▶ Problem
Reproduce, please, the line that holds "5.4 s after image 1." and all later lines through the end of the entries below, exactly; omit pictures.

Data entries
========================================================================

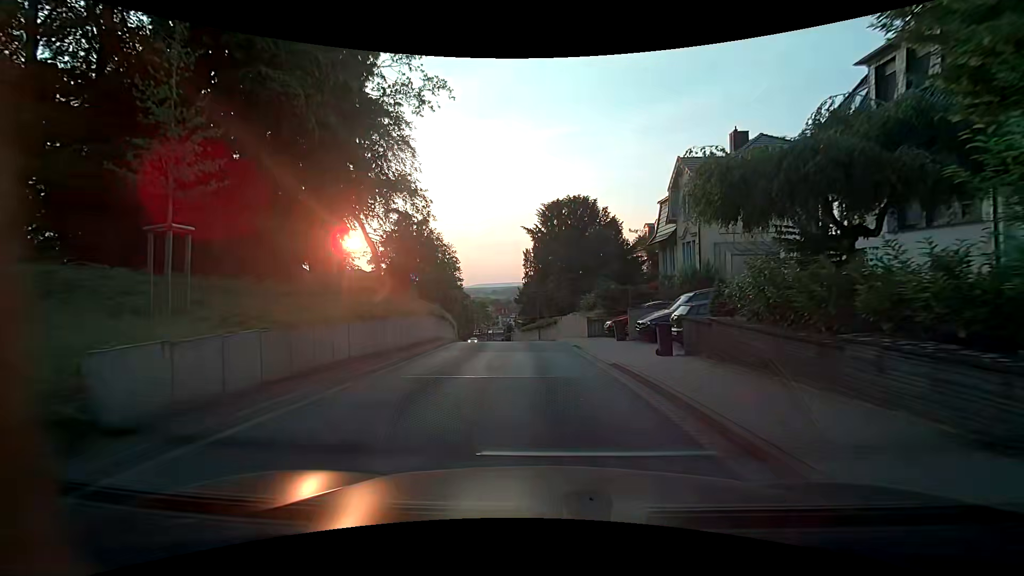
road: residential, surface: asphalt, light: Day
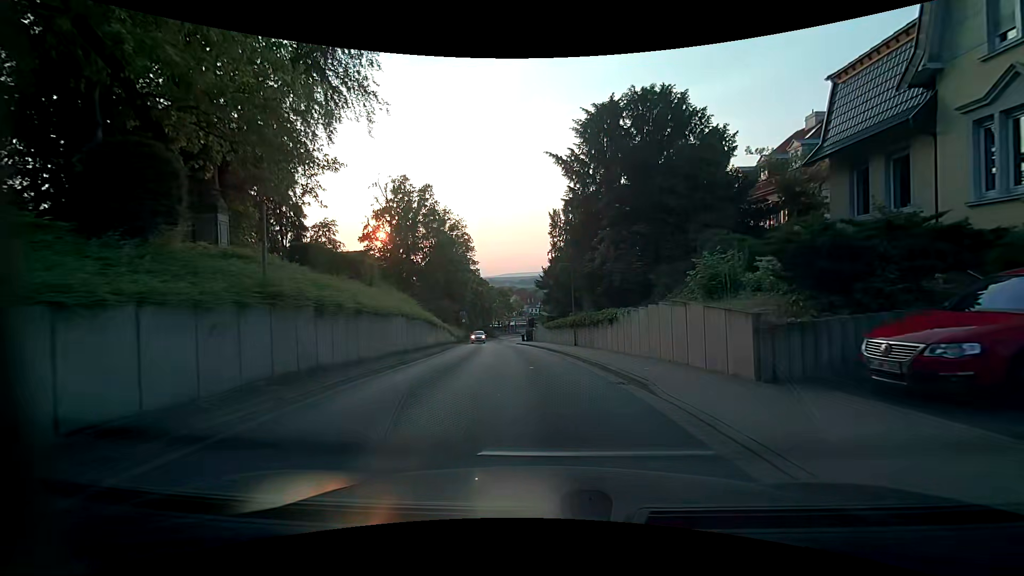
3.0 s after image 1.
(-0.7, +18.7) m; -3°
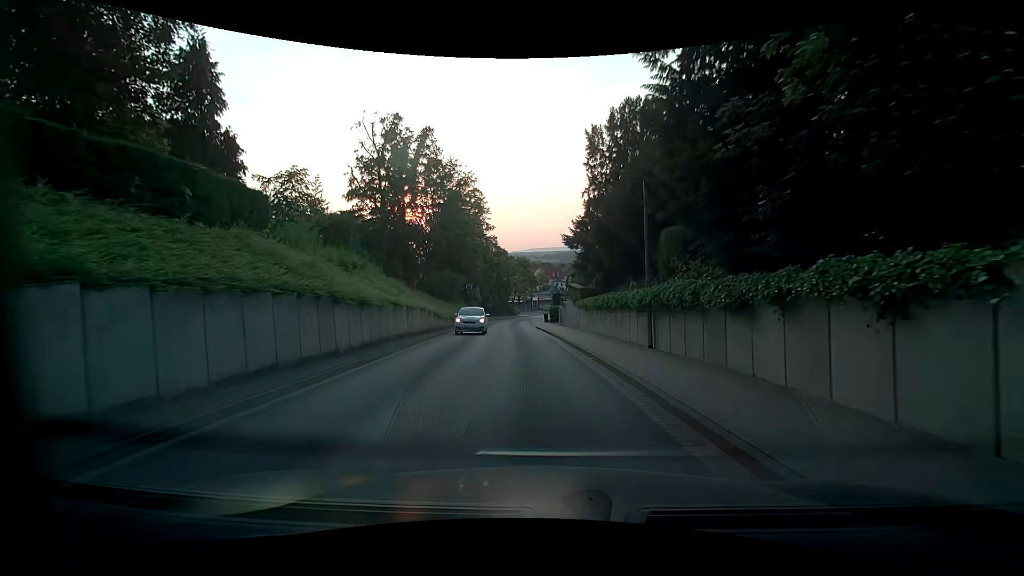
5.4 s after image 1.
(-0.5, +14.6) m; -4°
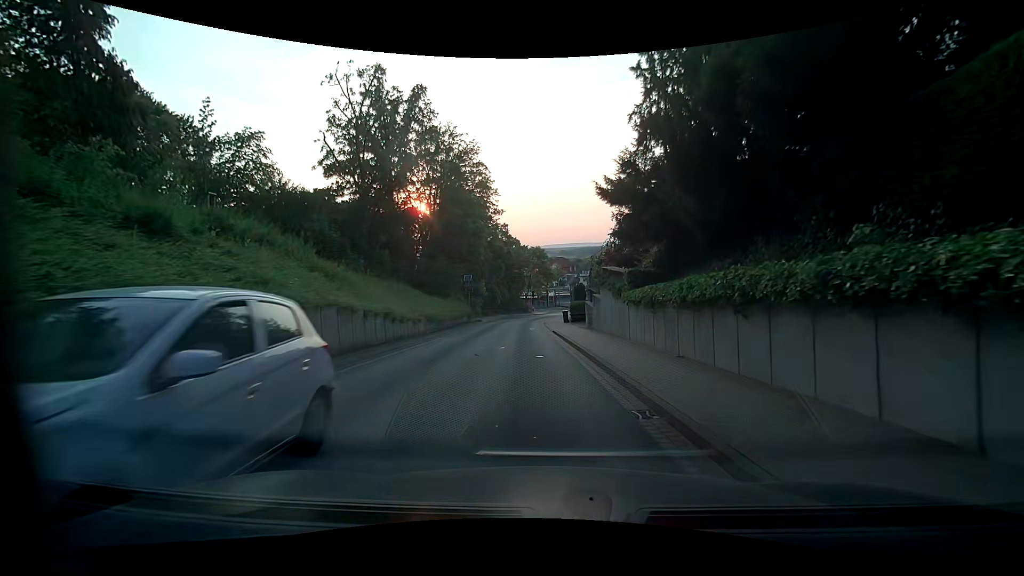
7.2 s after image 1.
(-0.1, +11.1) m; -1°
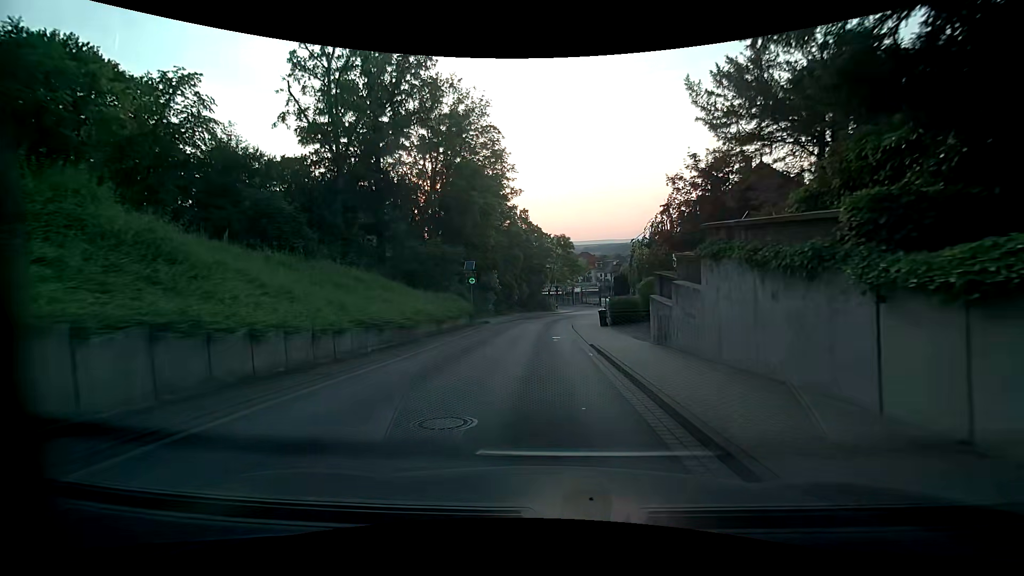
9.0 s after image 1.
(-0.3, +10.8) m; -3°
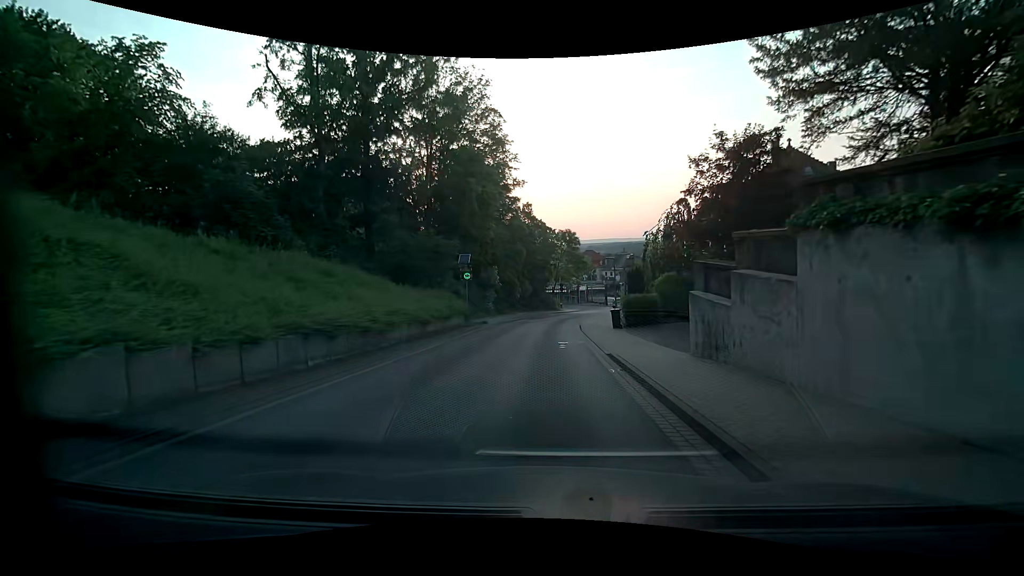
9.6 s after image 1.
(0.0, +3.6) m; 0°
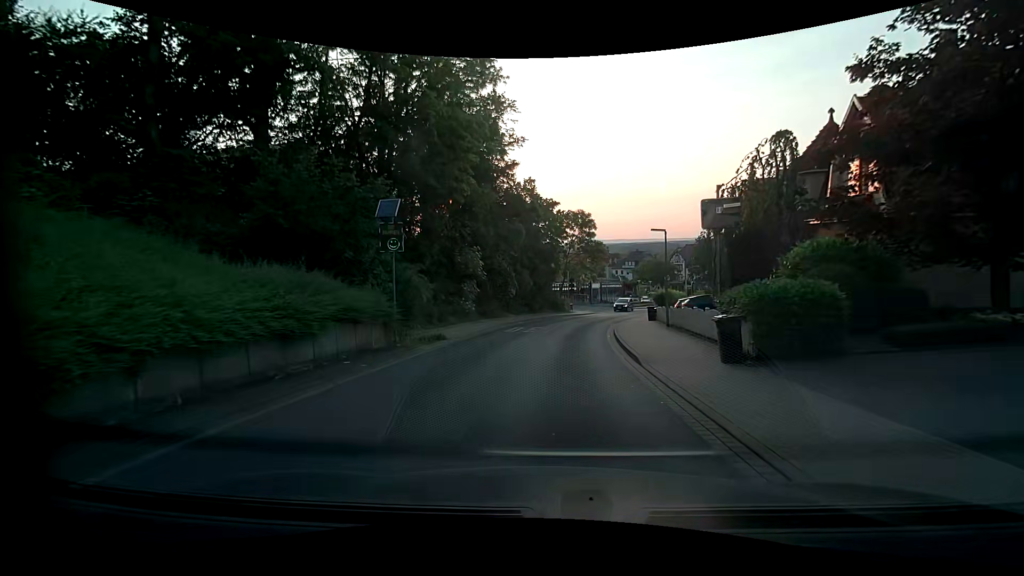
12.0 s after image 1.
(-0.2, +14.5) m; -1°
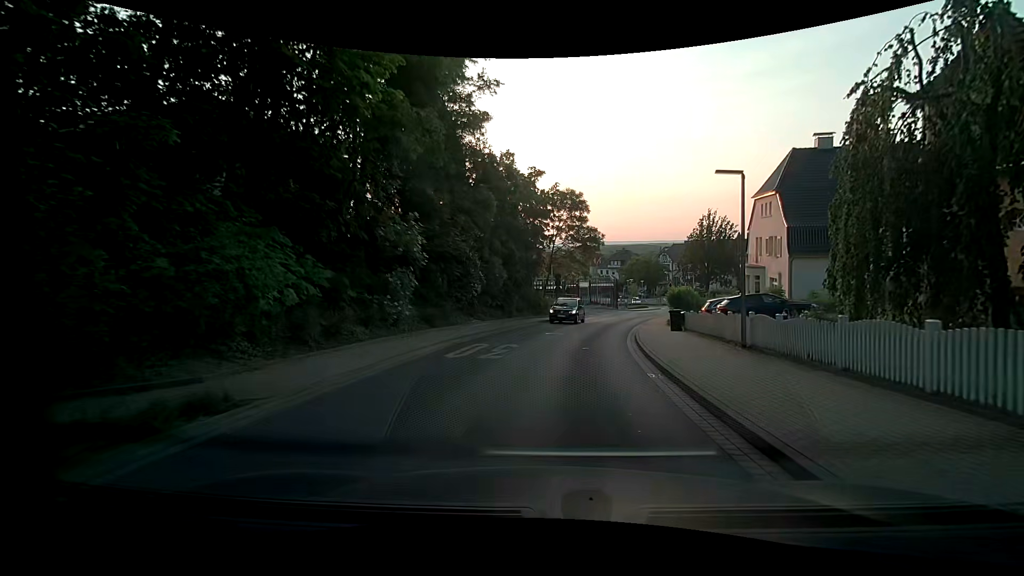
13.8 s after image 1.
(0.0, +10.8) m; +2°
(0, +10) (+2, +20) (+4, +30) (+6, +39) (+9, +49) (+13, +58) (+18, +67) (+24, +75) (+29, +83) (+34, +92) m

========================================================================

▶ Written answer
5.4 s after image 1.
(-0.5, +14.6) m; -4°
7.2 s after image 1.
(-0.1, +11.1) m; -1°
9.0 s after image 1.
(-0.3, +10.8) m; -3°
9.6 s after image 1.
(0.0, +3.6) m; 0°
12.0 s after image 1.
(-0.2, +14.5) m; -1°
13.8 s after image 1.
(0.0, +10.8) m; +2°
(0, +10) (+2, +20) (+4, +30) (+6, +39) (+9, +49) (+13, +58) (+18, +67) (+24, +75) (+29, +83) (+34, +92) m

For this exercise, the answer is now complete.